Life with a tracheostomy

An interview with Mrs. Edeltraud Stegemann

Mrs. Edeltraud Stegemann is a 75-year-old from Bad Vilbel in Germany. She has been tracheotomized twice, survived a cardiac arrest and today leads a full life with a tracheostomy. We were privileged to sit down and interview Mrs. Stegemann to gain some insight into her extraordinary experience.

Thank you for letting us interview you, Mrs. Stegemann. Can you tell us when and why you were tracheotomized?

I was tracheotomized twice in total. I was diagnosed with larynx cancer in 2014, which was to be treated with chemotherapy and radiation. One evening the tumor started bleeding and I had to have an emergency tracheostomy. I then kept the tracheostoma for about 2 months before it was closed again. 

Due to radiation therapy, the trachea constricted, resulting in daily stridor (a breathing sound that occurs because of constriction of the airway. It can sound like whistling or hissing). As a result, after many more treatments, I was tracheotomized again in 2016 and have been living with the tracheostomy ever since. 

Can you tell us about your daily life?

My husband makes me breakfast every morning and then we eat together quietly. Since my esophagus is narrowed by the radiation, I need a lot of time to eat. I have to strongly insalivate the food so that I can swallow. Normally I would have to use a feeding tube, but that was not an option for me. So, I prefer to take my time and go to the clinic about every 6-8 months for widening of the esophagus. 

I love to be out in the fresh air and therefore spend most of my time outdoors in the summer. In winter, I’m often in our conservatory, where there are also two fitness machines that I use to keep fit. 

How do you manage tracheostomy care? Have you developed a routine?

Yes, my husband changes the tracheostomy tube in the morning and evening and cleans the tracheostoma thoroughly. I do the small cleaning in between. 

Do you use different products during the day than at night? 

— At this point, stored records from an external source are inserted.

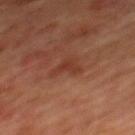The lesion was tiled from a total-body skin photograph and was not biopsied.
This is a cross-polarized tile.
A lesion tile, about 15 mm wide, cut from a 3D total-body photograph.
Located on the mid back.
Longest diameter approximately 3 mm.
The subject is a male roughly 65 years of age.
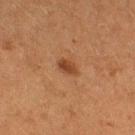| feature | finding |
|---|---|
| follow-up | total-body-photography surveillance lesion; no biopsy |
| acquisition | total-body-photography crop, ~15 mm field of view |
| subject | female, aged 48 to 52 |
| location | the right thigh |
| size | ≈2.5 mm |
| illumination | cross-polarized illumination |
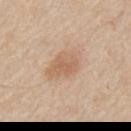Clinical impression:
The lesion was photographed on a routine skin check and not biopsied; there is no pathology result.
Acquisition and patient details:
Captured under white-light illumination. From the mid back. The patient is a male aged 58 to 62. Measured at roughly 6 mm in maximum diameter. A region of skin cropped from a whole-body photographic capture, roughly 15 mm wide.
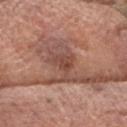The lesion was photographed on a routine skin check and not biopsied; there is no pathology result.
This is a white-light tile.
An algorithmic analysis of the crop reported a mean CIELAB color near L≈47 a*≈22 b*≈27, roughly 8 lightness units darker than nearby skin, and a normalized border contrast of about 6. The analysis additionally found a border-irregularity index near 6/10 and a peripheral color-asymmetry measure near 1.
Located on the head or neck.
Cropped from a whole-body photographic skin survey; the tile spans about 15 mm.
About 4 mm across.
A male patient, approximately 75 years of age.
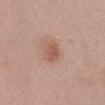notes=total-body-photography surveillance lesion; no biopsy | subject=female, aged 38–42 | image-analysis metrics=a border-irregularity rating of about 2/10 and radial color variation of about 0.5; a classifier nevus-likeness of about 75/100 and lesion-presence confidence of about 100/100 | tile lighting=white-light | lesion size=about 3 mm | site=the abdomen | acquisition=~15 mm tile from a whole-body skin photo.
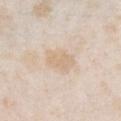Notes:
- follow-up — imaged on a skin check; not biopsied
- body site — the chest
- image — ~15 mm tile from a whole-body skin photo
- illumination — white-light illumination
- automated metrics — a footprint of about 9.5 mm², an eccentricity of roughly 0.65, and a shape-asymmetry score of about 0.2 (0 = symmetric); about 6 CIELAB-L* units darker than the surrounding skin and a lesion-to-skin contrast of about 5 (normalized; higher = more distinct)
- size — ≈4 mm
- patient — female, about 25 years old
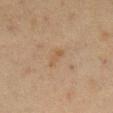<lesion>
<biopsy_status>not biopsied; imaged during a skin examination</biopsy_status>
<patient>
  <sex>female</sex>
  <age_approx>50</age_approx>
</patient>
<lighting>cross-polarized</lighting>
<lesion_size>
  <long_diameter_mm_approx>3.0</long_diameter_mm_approx>
</lesion_size>
<site>leg</site>
<automated_metrics>
  <nevus_likeness_0_100>0</nevus_likeness_0_100>
  <lesion_detection_confidence_0_100>100</lesion_detection_confidence_0_100>
</automated_metrics>
<image>
  <source>total-body photography crop</source>
  <field_of_view_mm>15</field_of_view_mm>
</image>
</lesion>
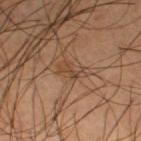Q: Was a biopsy performed?
A: total-body-photography surveillance lesion; no biopsy
Q: Where on the body is the lesion?
A: the left thigh
Q: Who is the patient?
A: male, in their mid- to late 50s
Q: What kind of image is this?
A: ~15 mm tile from a whole-body skin photo
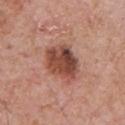<record>
<biopsy_status>not biopsied; imaged during a skin examination</biopsy_status>
<automated_metrics>
  <cielab_L>47</cielab_L>
  <cielab_a>24</cielab_a>
  <cielab_b>28</cielab_b>
  <vs_skin_contrast_norm>10.0</vs_skin_contrast_norm>
  <border_irregularity_0_10>2.0</border_irregularity_0_10>
  <color_variation_0_10>7.0</color_variation_0_10>
  <peripheral_color_asymmetry>2.5</peripheral_color_asymmetry>
</automated_metrics>
<lighting>white-light</lighting>
<lesion_size>
  <long_diameter_mm_approx>5.5</long_diameter_mm_approx>
</lesion_size>
<site>chest</site>
<image>
  <source>total-body photography crop</source>
  <field_of_view_mm>15</field_of_view_mm>
</image>
<patient>
  <sex>male</sex>
  <age_approx>70</age_approx>
</patient>
</record>
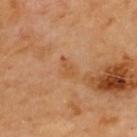The lesion was tiled from a total-body skin photograph and was not biopsied. Imaged with cross-polarized lighting. A male patient aged approximately 70. Located on the upper back. A 15 mm crop from a total-body photograph taken for skin-cancer surveillance. Measured at roughly 3 mm in maximum diameter.
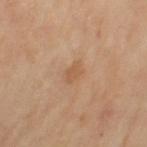Recorded during total-body skin imaging; not selected for excision or biopsy. A region of skin cropped from a whole-body photographic capture, roughly 15 mm wide. Automated image analysis of the tile measured a border-irregularity index near 2.5/10, internal color variation of about 1 on a 0–10 scale, and a peripheral color-asymmetry measure near 0.5. Measured at roughly 2.5 mm in maximum diameter. On the left thigh. The patient is a female about 70 years old. Captured under cross-polarized illumination.
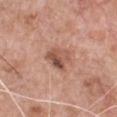Recorded during total-body skin imaging; not selected for excision or biopsy.
Cropped from a whole-body photographic skin survey; the tile spans about 15 mm.
The lesion's longest dimension is about 3 mm.
A male subject, aged 58–62.
This is a white-light tile.
The total-body-photography lesion software estimated a mean CIELAB color near L≈52 a*≈22 b*≈28 and a normalized border contrast of about 8. The software also gave an automated nevus-likeness rating near 10 out of 100.
From the front of the torso.
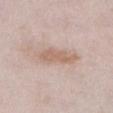Notes:
• notes: catalogued during a skin exam; not biopsied
• image source: ~15 mm tile from a whole-body skin photo
• subject: female, aged 63 to 67
• body site: the chest
• lesion size: ~5 mm (longest diameter)
• lighting: white-light
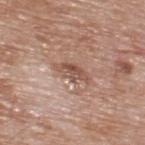  biopsy_status: not biopsied; imaged during a skin examination
  lighting: white-light
  image:
    source: total-body photography crop
    field_of_view_mm: 15
  automated_metrics:
    cielab_L: 52
    cielab_a: 20
    cielab_b: 27
    vs_skin_contrast_norm: 7.0
    color_variation_0_10: 4.5
    peripheral_color_asymmetry: 1.5
    lesion_detection_confidence_0_100: 100
  site: back
  lesion_size:
    long_diameter_mm_approx: 4.0
  patient:
    sex: male
    age_approx: 60
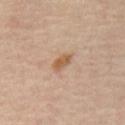Case summary:
- notes: imaged on a skin check; not biopsied
- image source: ~15 mm tile from a whole-body skin photo
- subject: in their mid- to late 50s
- automated lesion analysis: a lesion area of about 4 mm² and an eccentricity of roughly 0.8; a mean CIELAB color near L≈56 a*≈19 b*≈33, roughly 9 lightness units darker than nearby skin, and a normalized lesion–skin contrast near 8; a border-irregularity rating of about 2.5/10, internal color variation of about 1.5 on a 0–10 scale, and peripheral color asymmetry of about 0.5; a nevus-likeness score of about 40/100
- site: the mid back
- lesion diameter: ~3 mm (longest diameter)
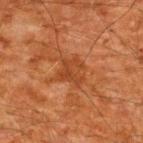biopsy status = catalogued during a skin exam; not biopsied.
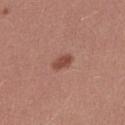- notes · catalogued during a skin exam; not biopsied
- lesion diameter · ~2.5 mm (longest diameter)
- image · ~15 mm tile from a whole-body skin photo
- subject · female, aged around 25
- site · the right thigh
- illumination · white-light illumination
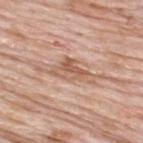A male patient in their 60s. The recorded lesion diameter is about 5 mm. The lesion is located on the back. Cropped from a whole-body photographic skin survey; the tile spans about 15 mm. Captured under white-light illumination.
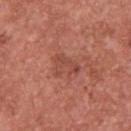{
  "biopsy_status": "not biopsied; imaged during a skin examination",
  "lesion_size": {
    "long_diameter_mm_approx": 3.5
  },
  "site": "chest",
  "image": {
    "source": "total-body photography crop",
    "field_of_view_mm": 15
  },
  "patient": {
    "sex": "male",
    "age_approx": 45
  },
  "lighting": "white-light"
}
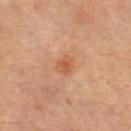The lesion was photographed on a routine skin check and not biopsied; there is no pathology result. The tile uses cross-polarized illumination. A female patient, in their mid- to late 50s. The lesion-visualizer software estimated a footprint of about 4 mm², a shape eccentricity near 0.7, and two-axis asymmetry of about 0.3. It also reported a nevus-likeness score of about 20/100 and a detector confidence of about 100 out of 100 that the crop contains a lesion. A 15 mm close-up extracted from a 3D total-body photography capture. The lesion is on the leg. Measured at roughly 2.5 mm in maximum diameter.

Yes, at night I wear a size 9 silicon tube with  a Provox XtraFlow HME. Here I have the option of speaking, if I press on the XtraFlow HME, but I rarely speak at night (laughs).

What would you say to someone who hesitates or refuses to use HMEs? 

There is nothing more comfortable and better for my lungs, because the HME is like a helpful barrier and makes the air I breathe more suitable for my lungs.

It’s a feeling of freedom because I can speak hands-free, So I can use my voice and hands to communicate.

What were your biggest challenges after surgery? 

It took me a while to process everything, and I accepted that eating was not going so well and that I had to relearn many things.

What advice would you give to someone who has just had a tracheostomy?

Above all, time brings the necessary experience to handle the tracheostomy better and better. One should keep calm and not get nervous. In addition, one should deal with things and learn to cope with them. Of course, it is also important to think positively, there are setbacks every now and then and you have to pick yourself up again and keep going. Life can be so beautiful. 

The testimonials relate to how one individual has experienced the use of Atos Medical products and not every person will get the same results. Atos Medical AB does not suggest, imply or make any claims other than those detailed in the product manual.